Skip to content

libdatamasker.so

This implements a plugin library producing instances of IDataMaskingProfileIterator to be used by an IDataMaskingEngine instance. The library is written in C++, and this section is organized according to the namespace and class names used.

namespace DataMasking

CContext

Standard implementation of IDataMaskingProfileContext and IDataMaskingProfileContextInspector tightly coupled to a specific version of a specific profile instance. It manages custom properties that are accepted by the associated profile, and rejects attempts to set those not accepted. The rejection is one way of letting the caller know that something it might deem essential is not handled by the profile.

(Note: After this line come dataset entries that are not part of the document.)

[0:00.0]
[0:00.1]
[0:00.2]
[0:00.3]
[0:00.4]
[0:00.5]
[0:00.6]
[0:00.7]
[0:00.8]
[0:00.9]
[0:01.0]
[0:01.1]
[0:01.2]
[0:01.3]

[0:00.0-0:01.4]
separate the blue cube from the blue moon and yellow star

Depends on CProfile, an abstract implementation of IDataMaskingProfile and IDataMaskingProfileInspector.

CMaskStyle

Implementation of IDataMaskingProfileMaskStyle providing customized masked output of values. Configuration options include:

  • @maximumVersion is an optional version number, needed only when the style does not apply to the maximum version of the value type in which it is defined.
  • @minimumVersion is an optional version number, needed only when the style does not apply to the minumum version of the value type in which it is defined.
  • @name is a required unique identifier for the style.
  • @overrideDefault is an optional Boolean flag controlling whether the style should replace the default style for the value type in which it is defined.
  • @pattern is an optional character sequence (one or more characters in length) that will be used to mask value content.

CPartialMaskStyle

Am extension of CMaskStyle, this is intended to partially mask values, such as account numbers or telephone numbers, without assuming knowledge of the values. Configuration is generally expressed as:

[ [ @action ] [ @location ] @count  [ @characters ] ]

Where:

  • @action what to do, either keep or mask (default); and
  • @location where to do it, either first or last (default); and
  • @count how many characters to examine, a positive integer value; and
  • @characters type of characters to be considered, either numbers, letters, alphanumeric, or all (default)

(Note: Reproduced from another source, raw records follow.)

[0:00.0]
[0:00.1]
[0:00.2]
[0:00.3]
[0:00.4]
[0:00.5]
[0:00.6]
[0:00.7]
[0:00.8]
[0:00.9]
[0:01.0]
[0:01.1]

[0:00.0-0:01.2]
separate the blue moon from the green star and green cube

All four values may be omitted when only the inherited options are needed. If any of the four values are given, count is required and the other three are optional.

A value substring containing at most @count instances of the character class denoted by @characters is identified. Character classes are ASCII numeric characters (numbers), ASCII alphabetic characters (letters), ASCII alphabetic and numeric characters (alphanumeric), or any characters (all).

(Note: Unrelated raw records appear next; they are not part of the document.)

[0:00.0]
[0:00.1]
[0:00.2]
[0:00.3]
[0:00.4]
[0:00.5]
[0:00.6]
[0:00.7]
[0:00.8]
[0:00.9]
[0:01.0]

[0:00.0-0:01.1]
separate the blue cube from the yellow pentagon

The value substring is at the start of the value when @location is first, and at the end of the value when @location is last.

The value substring is masked when @action is mask. All of the value with the exception of the substring is masked when @action is keep.

CRule

A base class for rule implementations, this defines standard rule properties without providing any content knowledge for use with maskContent.

Configuration includes:

  • @contentType is an optional, user-defined, label describing the content format to which the rule should be applied. maskContent requests that indicate a content type should apply all rules that match the type in addition to all rules that omit a type.
  • memberOf is an optional and repeating element identifying user-defined set labels. Only rules with membership in the requested set are considered; in the absence of an explictly requested set, a default set with an empty name is implied.
  • memberOf/@name is a required user-defined set label.

rule instances will frequently be specific to a content format. For example, a rule applied to XML markup value may include dependencies on XML syntax which are not applicable when masking JSON content. Rules specific to a markup format can be associated with that format using @contentType. Requests to mask content of a type will apply all rules without a @contentType value or with a matching value, and will exclude all rules with a non-matching value.

CSerialTokenRule

An extension of CRule, this identifies content substrings to be masked based on matching start and end tokens in the content buffer. For each occurrence of a configured start token that is balanced by a corresponding configured end token, the characters between the tokens are masked.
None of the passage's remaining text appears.